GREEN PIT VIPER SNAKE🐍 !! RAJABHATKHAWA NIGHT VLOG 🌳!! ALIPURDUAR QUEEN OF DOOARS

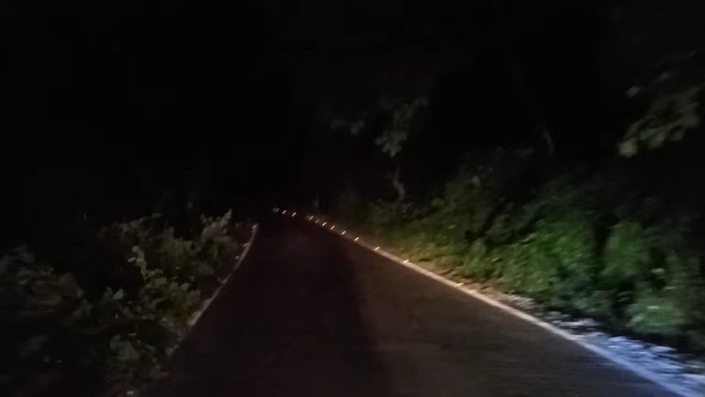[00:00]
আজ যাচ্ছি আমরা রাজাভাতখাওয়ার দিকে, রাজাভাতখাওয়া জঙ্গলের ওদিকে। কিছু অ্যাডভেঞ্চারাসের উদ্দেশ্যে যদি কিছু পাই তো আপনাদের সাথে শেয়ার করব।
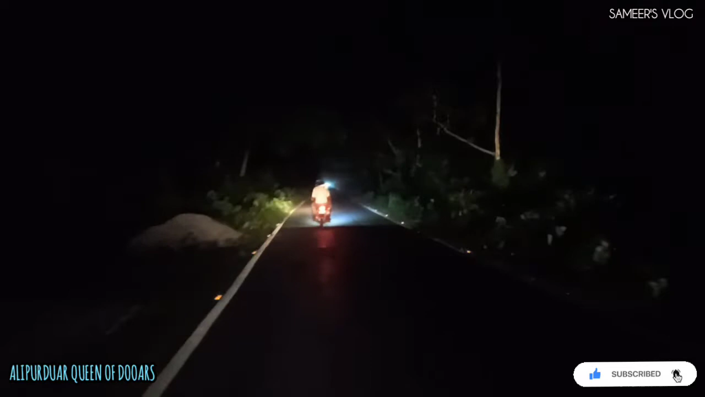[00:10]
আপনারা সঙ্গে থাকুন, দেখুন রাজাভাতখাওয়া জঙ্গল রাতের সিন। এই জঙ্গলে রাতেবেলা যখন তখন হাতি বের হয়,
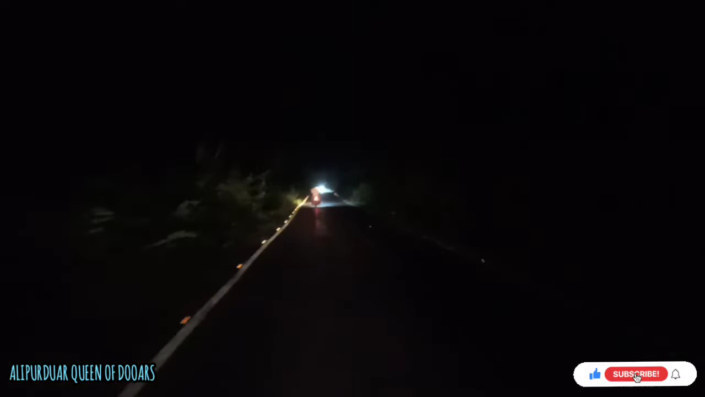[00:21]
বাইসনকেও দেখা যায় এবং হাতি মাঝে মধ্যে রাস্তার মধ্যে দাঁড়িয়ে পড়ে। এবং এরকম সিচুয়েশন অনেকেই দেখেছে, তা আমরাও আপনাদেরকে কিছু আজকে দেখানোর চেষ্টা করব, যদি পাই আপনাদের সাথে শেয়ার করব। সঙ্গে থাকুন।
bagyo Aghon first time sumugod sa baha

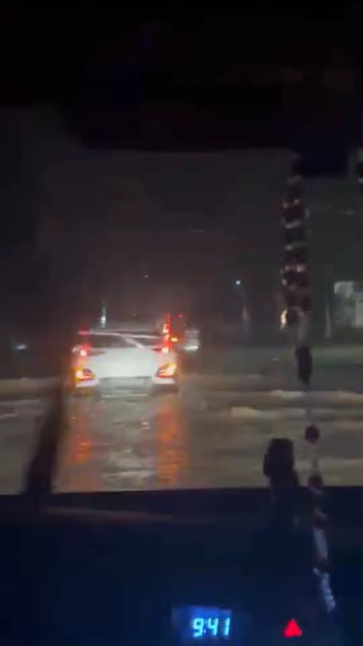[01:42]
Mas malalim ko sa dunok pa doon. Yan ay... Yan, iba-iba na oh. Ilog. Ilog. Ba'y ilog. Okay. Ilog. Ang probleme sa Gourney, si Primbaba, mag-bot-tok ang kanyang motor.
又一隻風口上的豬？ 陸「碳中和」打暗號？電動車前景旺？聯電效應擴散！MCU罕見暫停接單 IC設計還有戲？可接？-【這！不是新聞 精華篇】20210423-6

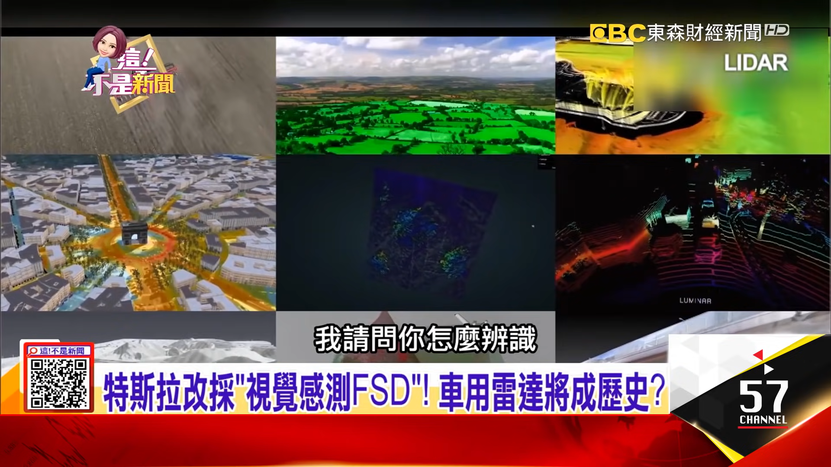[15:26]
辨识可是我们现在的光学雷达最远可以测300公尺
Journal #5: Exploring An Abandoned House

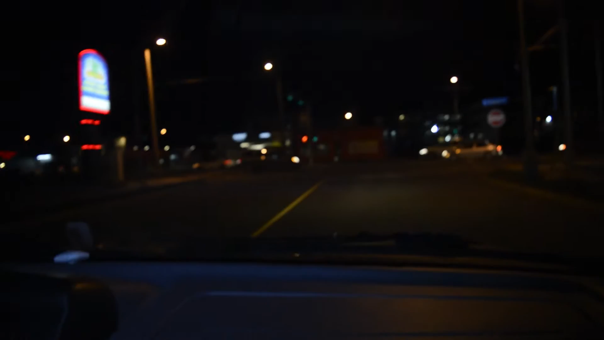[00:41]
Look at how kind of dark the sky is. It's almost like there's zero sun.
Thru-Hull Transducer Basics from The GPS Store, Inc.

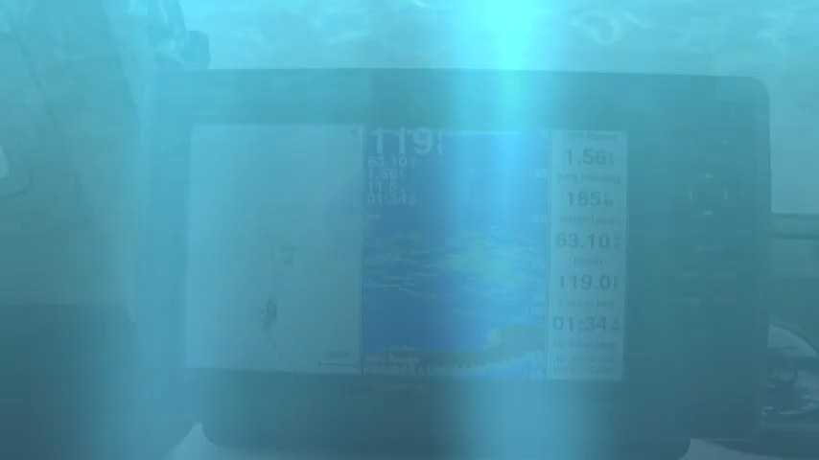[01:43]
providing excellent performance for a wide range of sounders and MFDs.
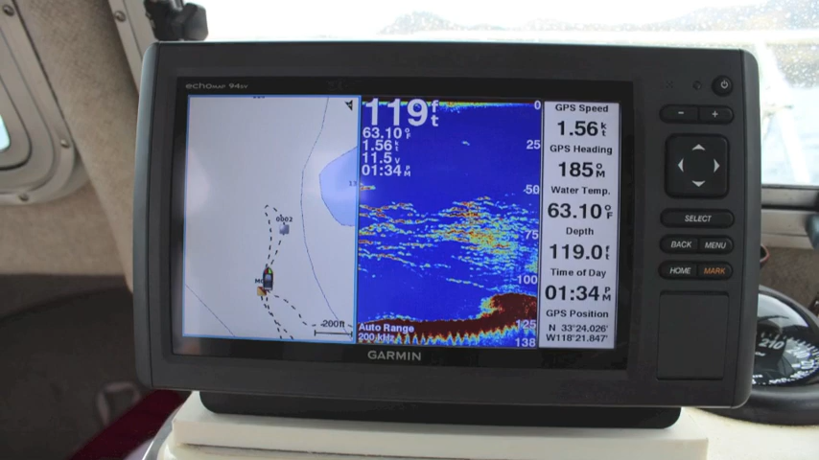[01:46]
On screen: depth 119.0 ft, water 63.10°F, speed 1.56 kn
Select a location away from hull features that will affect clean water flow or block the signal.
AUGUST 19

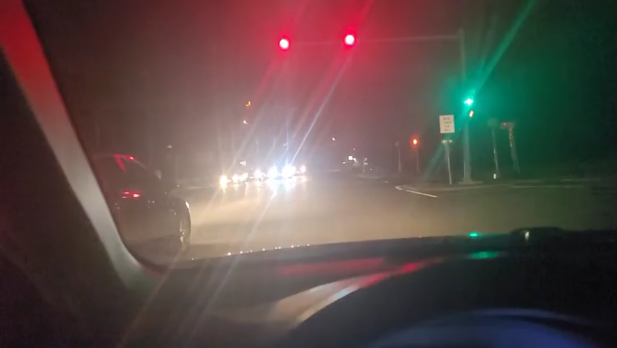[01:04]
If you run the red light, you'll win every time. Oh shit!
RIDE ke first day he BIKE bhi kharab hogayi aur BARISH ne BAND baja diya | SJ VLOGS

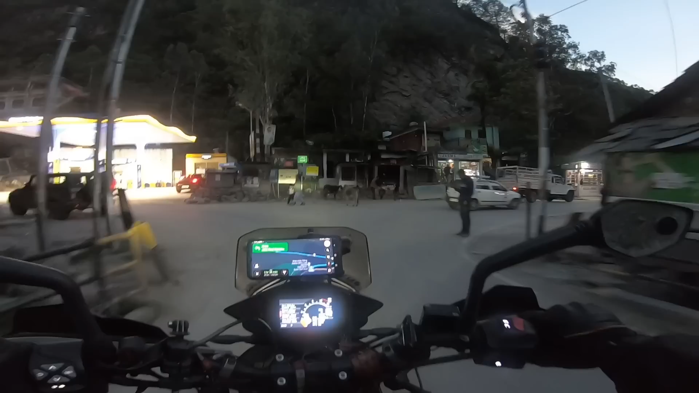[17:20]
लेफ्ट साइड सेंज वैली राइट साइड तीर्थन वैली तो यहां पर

◇ ◇ ◇ ◇ ◇

WHAT IS BEING ASKED –
Return every line of the data above exactly, and omit all pictures.

WRITTEN ANSWER –
GREEN PIT VIPER SNAKE🐍 !! RAJABHATKHAWA NIGHT VLOG 🌳!! ALIPURDUAR QUEEN OF DOOARS

[00:00]
আজ যাচ্ছি আমরা রাজাভাতখাওয়ার দিকে, রাজাভাতখাওয়া জঙ্গলের ওদিকে। কিছু অ্যাডভেঞ্চারাসের উদ্দেশ্যে যদি কিছু পাই তো আপনাদের সাথে শেয়ার করব।
[00:10]
আপনারা সঙ্গে থাকুন, দেখুন রাজাভাতখাওয়া জঙ্গল রাতের সিন। এই জঙ্গলে রাতেবেলা যখন তখন হাতি বের হয়,
[00:21]
বাইসনকেও দেখা যায় এবং হাতি মাঝে মধ্যে রাস্তার মধ্যে দাঁড়িয়ে পড়ে। এবং এরকম সিচুয়েশন অনেকেই দেখেছে, তা আমরাও আপনাদেরকে কিছু আজকে দেখানোর চেষ্টা করব, যদি পাই আপনাদের সাথে শেয়ার করব। সঙ্গে থাকুন।
bagyo Aghon first time sumugod sa baha

[01:42]
Mas malalim ko sa dunok pa doon. Yan ay... Yan, iba-iba na oh. Ilog. Ilog. Ba'y ilog. Okay. Ilog. Ang probleme sa Gourney, si Primbaba, mag-bot-tok ang kanyang motor.
又一隻風口上的豬？ 陸「碳中和」打暗號？電動車前景旺？聯電效應擴散！MCU罕見暫停接單 IC設計還有戲？可接？-【這！不是新聞 精華篇】20210423-6

[15:26]
辨识可是我们现在的光学雷达最远可以测300公尺
Journal #5: Exploring An Abandoned House

[00:41]
Look at how kind of dark the sky is. It's almost like there's zero sun.
Thru-Hull Transducer Basics from The GPS Store, Inc.

[01:43]
providing excellent performance for a wide range of sounders and MFDs.
[01:46]
On screen: depth 119.0 ft, water 63.10°F, speed 1.56 kn
Select a location away from hull features that will affect clean water flow or block the signal.
AUGUST 19

[01:04]
If you run the red light, you'll win every time. Oh shit!
RIDE ke first day he BIKE bhi kharab hogayi aur BARISH ne BAND baja diya | SJ VLOGS

[17:20]
लेफ्ट साइड सेंज वैली राइट साइड तीर्थन वैली तो यहां पर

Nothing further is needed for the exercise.